Volume 4, Number 4-5, October 2013, pages 210-213

Excellent Response to Palliative Chemotherapy for Pleural Recurrence of Uterine Papillary Serous Carcinoma

Uterine papillary serous carcinoma (UPSC) is an aggressive variant of endometrial cancer. Although it represents only about 10% of all endometrial cancers, it accounts for almost 40% of endometrial cancer related deaths [1]. The 5-year survival rate for all stages of UPSC is only 53% compared with 83% for endometrioid carcinoma [2]. Though the majority of women with UPSC have a high risk of recurrence [1], recurrence limited only to the pleural space has not been previously reported. It is also uncommon for it to occur 10 years after the initial treatment as UPSC is usually much more aggressive. This report is encouraging in that it provides a promising 5 year follow-up of the patient after completing palliative treatment, giving a glimmer of hope in this usually aggressive cancer.

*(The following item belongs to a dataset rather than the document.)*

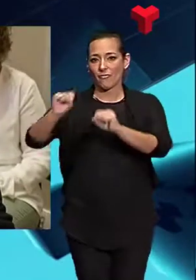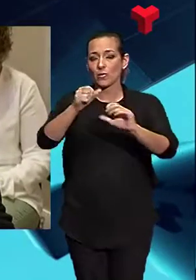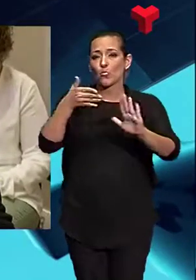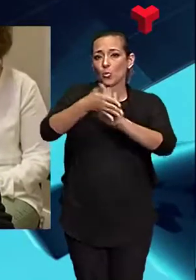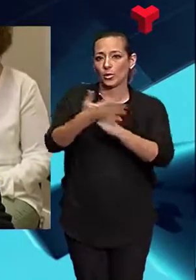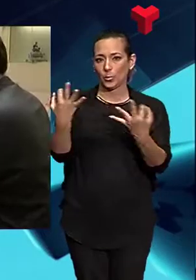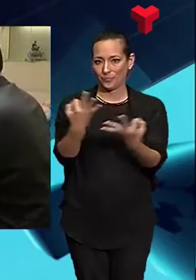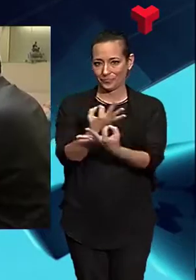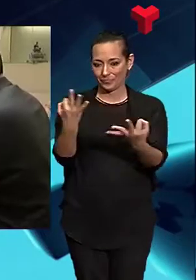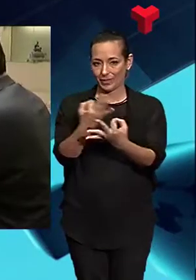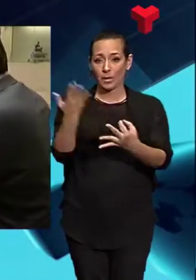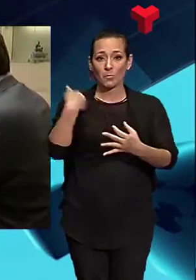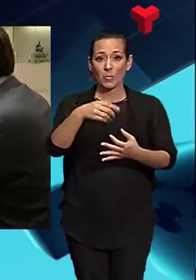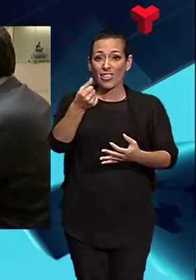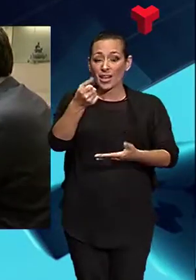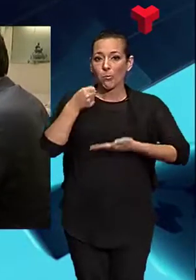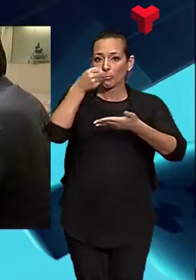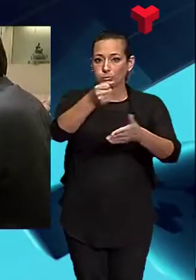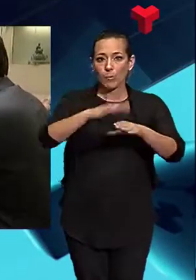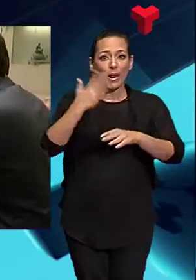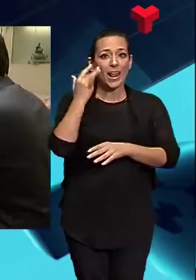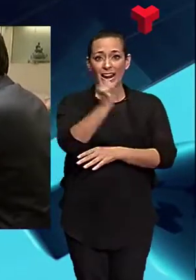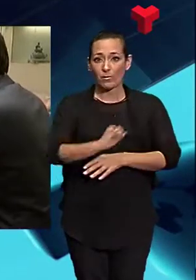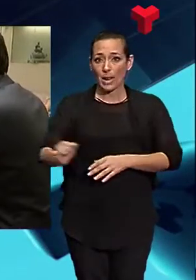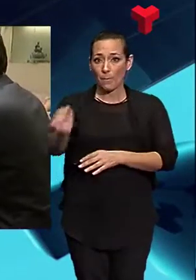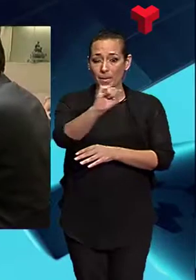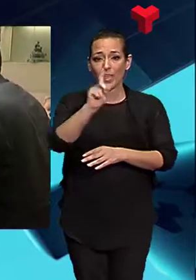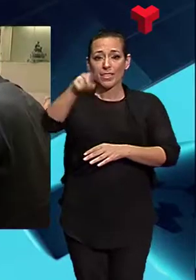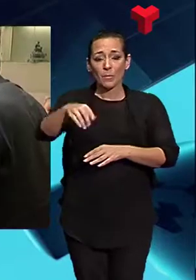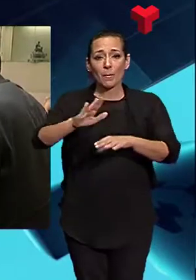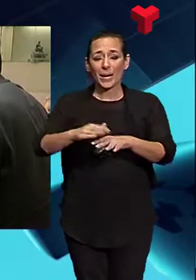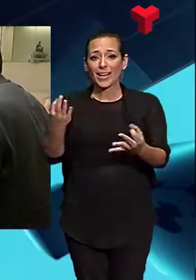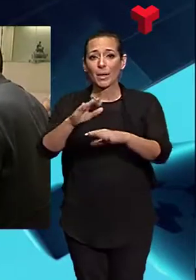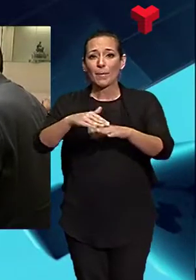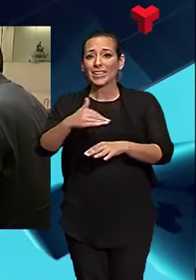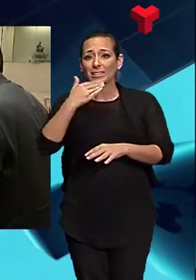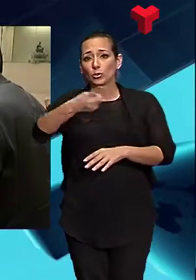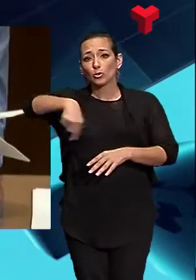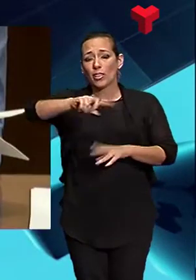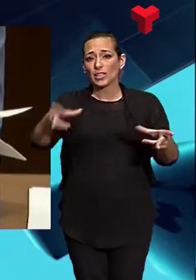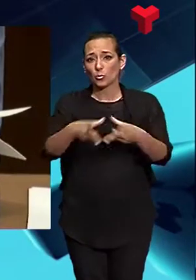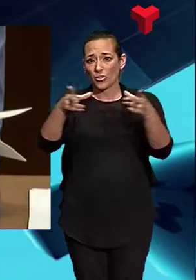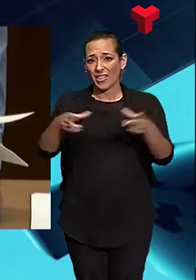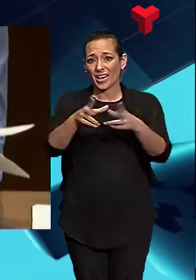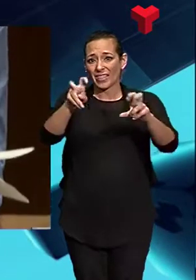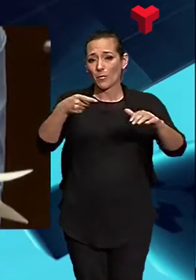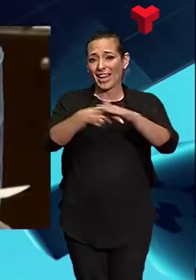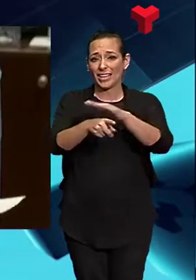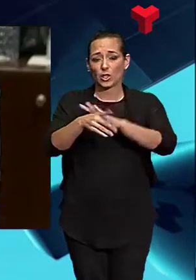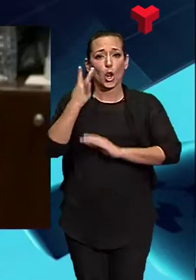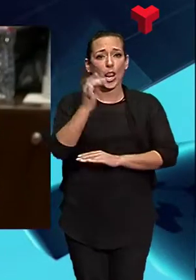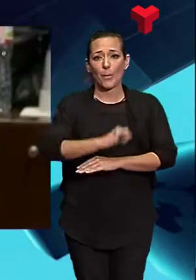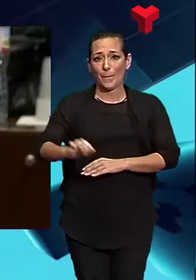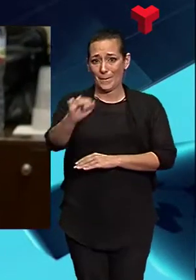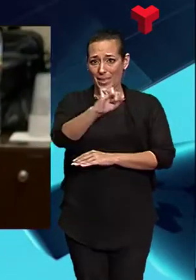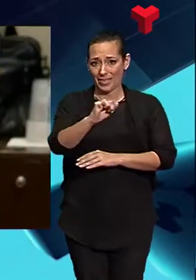més recursos a la neteja, sinó com a missatge pedagògic per la ciutadania sobre el cost que comporta la gestió. L'alcalde ha anunciat que en lloc del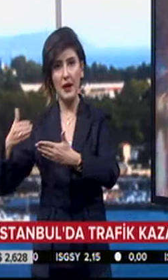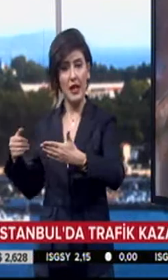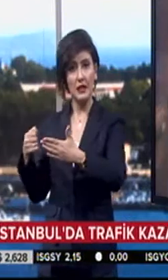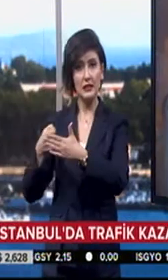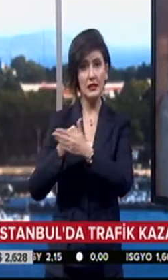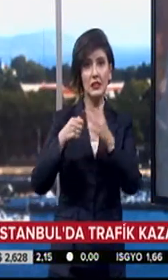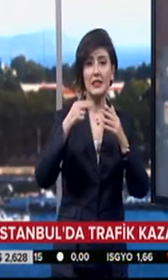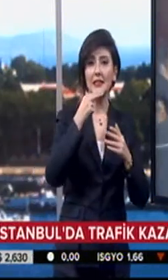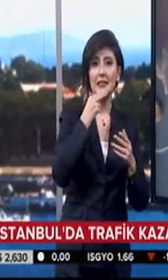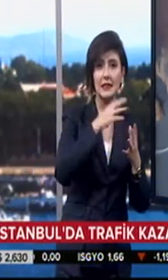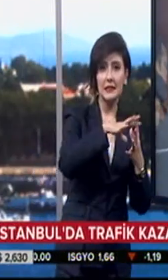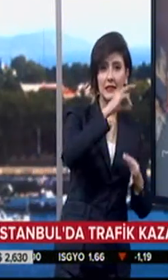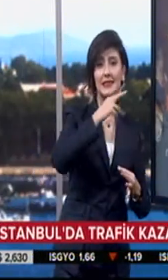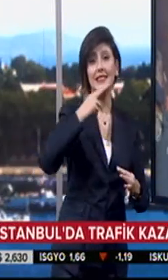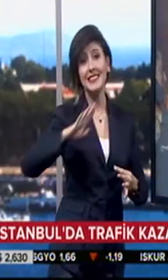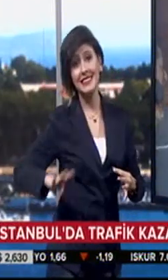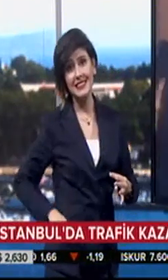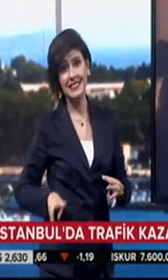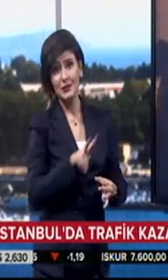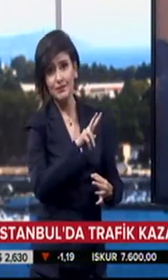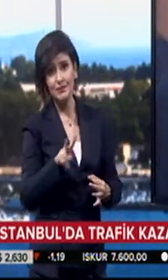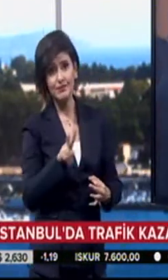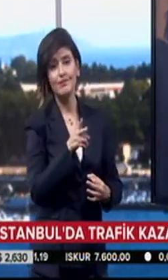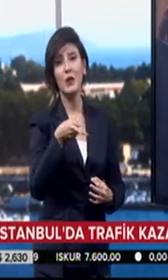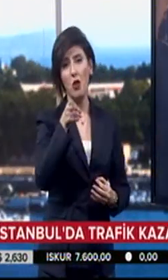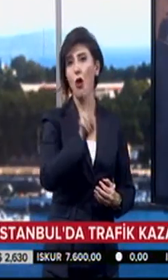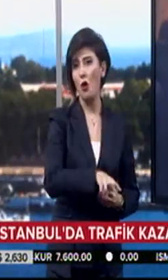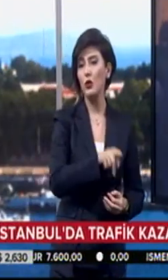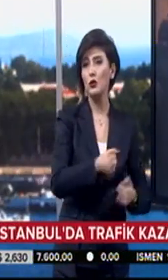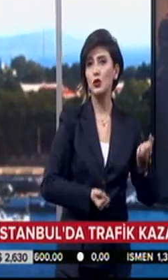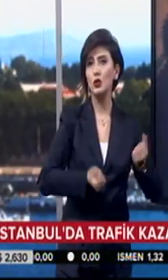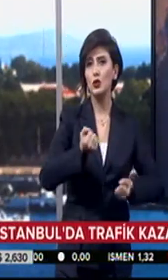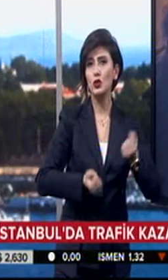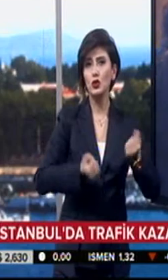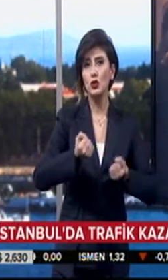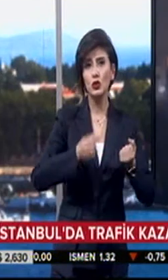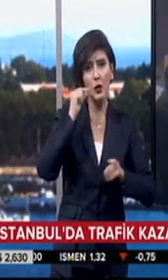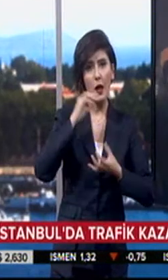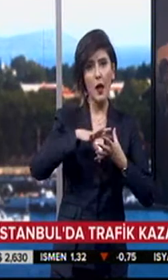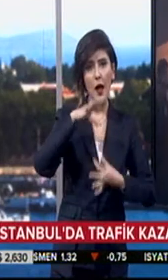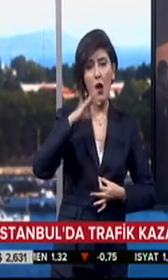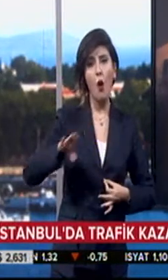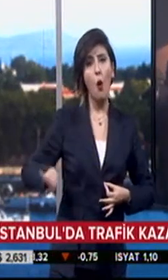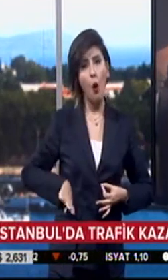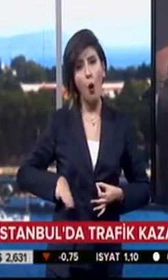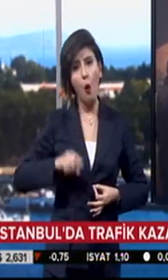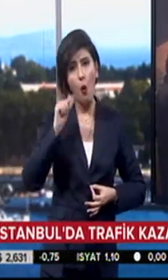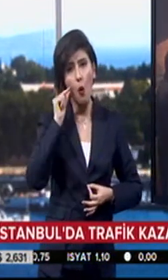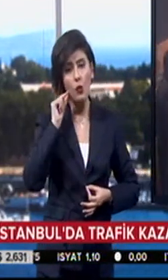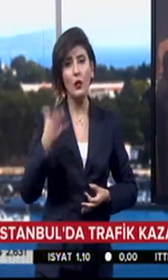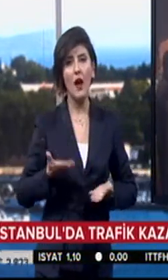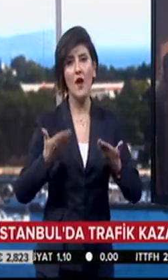Kazada Çiğdem kaçarla kızı Tuğan'a kaçar olay yerinde hattını kaybetti. Sürü Özgür kaçarla oğluysa

In June 1997, a 65-year-old G9P009 African-American woman was treated for FIGO stage IIA UPSC with total abdominal hysterectomy, bilateral salpingo-oophorectomy, and pelvic lymphadenectomy with ³²P catheter placement, followed by adjuvant external beam radiation. She was followed without clinical evidence of recurrence until December 2007, when she presented with shortness of breath of a few weeks duration. Her CA-125 level was elevated at 112 IU/mL. A chest x-ray showed a right side pleural effusion. A chest CT, in addition to confirming pleural effusion, also showed pleural-based nodules (Fig. 1). A diagnostic and therapeutic thoracentesis was done and 2 liters of serosanguineous fluid was removed.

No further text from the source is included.